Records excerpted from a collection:
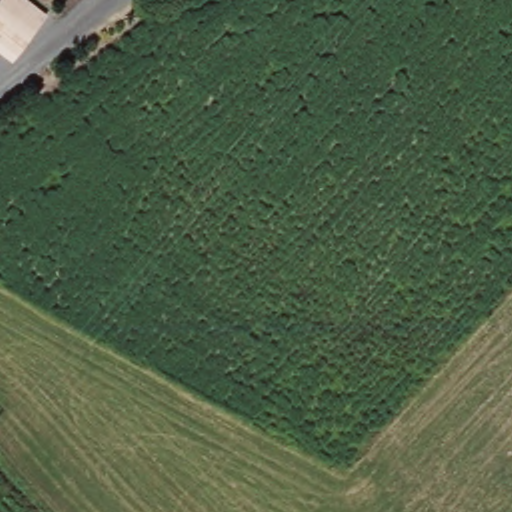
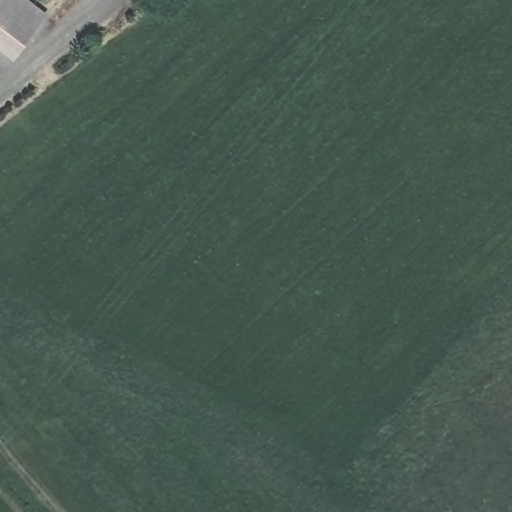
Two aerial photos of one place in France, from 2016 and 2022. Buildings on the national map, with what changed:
unchanged [(6,0),(29,0),(51,15),(11,70),(0,80),(0,6),(6,0)]

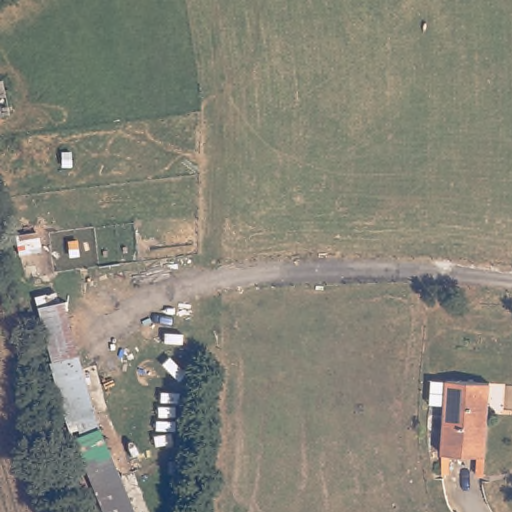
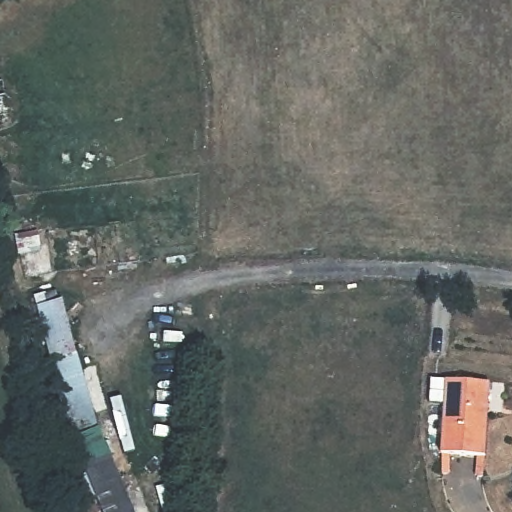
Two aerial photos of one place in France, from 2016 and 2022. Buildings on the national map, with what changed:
unchanged [(49,356),(80,348),(96,404),(66,418),(49,356)]
unchanged [(490,380),(484,454),(440,449),(446,376),(490,380)]

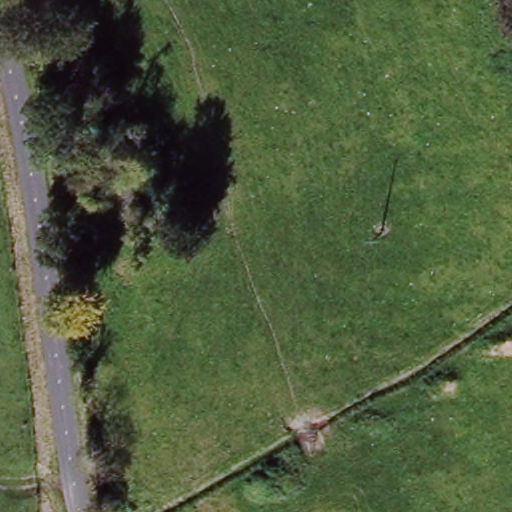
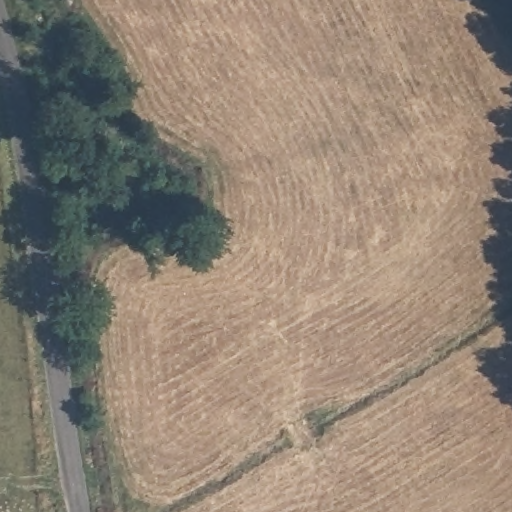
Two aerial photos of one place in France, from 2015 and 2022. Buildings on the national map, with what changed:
[]

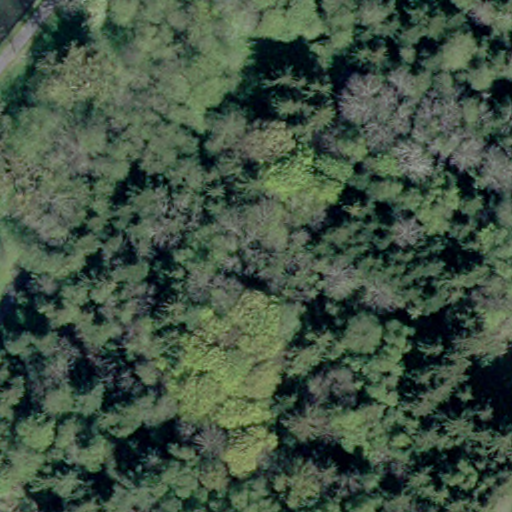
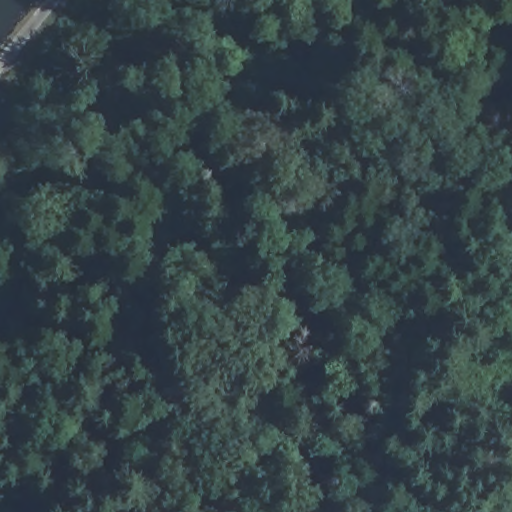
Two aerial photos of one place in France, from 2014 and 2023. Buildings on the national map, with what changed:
[]

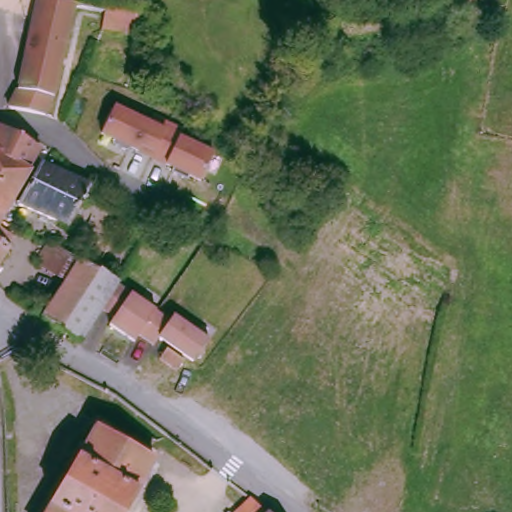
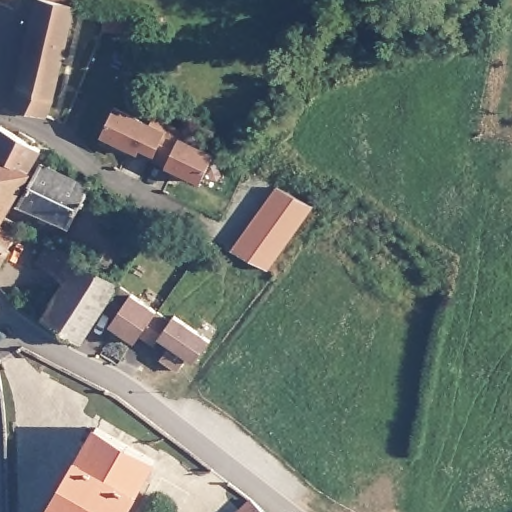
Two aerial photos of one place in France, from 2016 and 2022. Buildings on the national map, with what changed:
unchanged [(82,4),(59,95),(49,116),(11,108),(20,88),(45,0),(57,0),(79,4),(82,4)]
unchanged [(143,15),(138,38),(108,29),(105,28),(105,19),(107,19),(107,9),(143,15)]
unchanged [(184,127),(181,133),(215,150),(202,177),(191,171),(188,176),(173,168),(174,163),(132,143),(129,148),(113,140),(115,135),(104,130),(118,103),(151,119),(154,112),(184,127)]
unchanged [(40,146),(28,166),(0,149),(0,122),(40,146)]
unchanged [(31,168),(18,190),(11,188),(0,182),(0,149),(28,166),(31,168)]
unchanged [(91,181),(70,224),(20,201),(36,171),(43,158),(50,161),(91,181)]
unchanged [(5,213),(0,222),(0,182),(11,188),(18,190),(13,200),(16,202),(9,215),(5,213)]
new [(276,188),(279,189),(314,208),(267,269),(231,253),(276,188)]
unchanged [(5,213),(9,215),(19,220),(9,247),(0,260),(0,222),(5,213)]
unchanged [(103,304),(81,337),(73,333),(70,337),(65,335),(68,330),(64,327),(60,333),(47,323),(50,319),(43,314),(66,279),(38,261),(53,239),(118,279),(103,304)]
unchanged [(118,279),(173,314),(176,309),(213,332),(198,355),(161,332),(156,338),(141,328),(136,335),(110,319),(115,312),(103,304),(118,279)]
unchanged [(178,365),(163,354),(171,344),(186,354),(178,365)]
unchanged [(133,493),(136,496),(126,512),(46,512),(48,509),(46,507),(73,459),(75,461),(93,429),(151,461),(133,493)]

*What is expected*:
Transcribe the records above exactly and drop every picture.

*Reply to the exercise*:
Two aerial photos of one place in France, from 2016 and 2022. Buildings on the national map, with what changed:
unchanged [(6,0),(29,0),(51,15),(11,70),(0,80),(0,6),(6,0)]

Two aerial photos of one place in France, from 2016 and 2022. Buildings on the national map, with what changed:
unchanged [(49,356),(80,348),(96,404),(66,418),(49,356)]
unchanged [(490,380),(484,454),(440,449),(446,376),(490,380)]

Two aerial photos of one place in France, from 2015 and 2022. Buildings on the national map, with what changed:
[]

Two aerial photos of one place in France, from 2014 and 2023. Buildings on the national map, with what changed:
[]

Two aerial photos of one place in France, from 2016 and 2022. Buildings on the national map, with what changed:
unchanged [(82,4),(59,95),(49,116),(11,108),(20,88),(45,0),(57,0),(79,4),(82,4)]
unchanged [(143,15),(138,38),(108,29),(105,28),(105,19),(107,19),(107,9),(143,15)]
unchanged [(184,127),(181,133),(215,150),(202,177),(191,171),(188,176),(173,168),(174,163),(132,143),(129,148),(113,140),(115,135),(104,130),(118,103),(151,119),(154,112),(184,127)]
unchanged [(40,146),(28,166),(0,149),(0,122),(40,146)]
unchanged [(31,168),(18,190),(11,188),(0,182),(0,149),(28,166),(31,168)]
unchanged [(91,181),(70,224),(20,201),(36,171),(43,158),(50,161),(91,181)]
unchanged [(5,213),(0,222),(0,182),(11,188),(18,190),(13,200),(16,202),(9,215),(5,213)]
new [(276,188),(279,189),(314,208),(267,269),(231,253),(276,188)]
unchanged [(5,213),(9,215),(19,220),(9,247),(0,260),(0,222),(5,213)]
unchanged [(103,304),(81,337),(73,333),(70,337),(65,335),(68,330),(64,327),(60,333),(47,323),(50,319),(43,314),(66,279),(38,261),(53,239),(118,279),(103,304)]
unchanged [(118,279),(173,314),(176,309),(213,332),(198,355),(161,332),(156,338),(141,328),(136,335),(110,319),(115,312),(103,304),(118,279)]
unchanged [(178,365),(163,354),(171,344),(186,354),(178,365)]
unchanged [(133,493),(136,496),(126,512),(46,512),(48,509),(46,507),(73,459),(75,461),(93,429),(151,461),(133,493)]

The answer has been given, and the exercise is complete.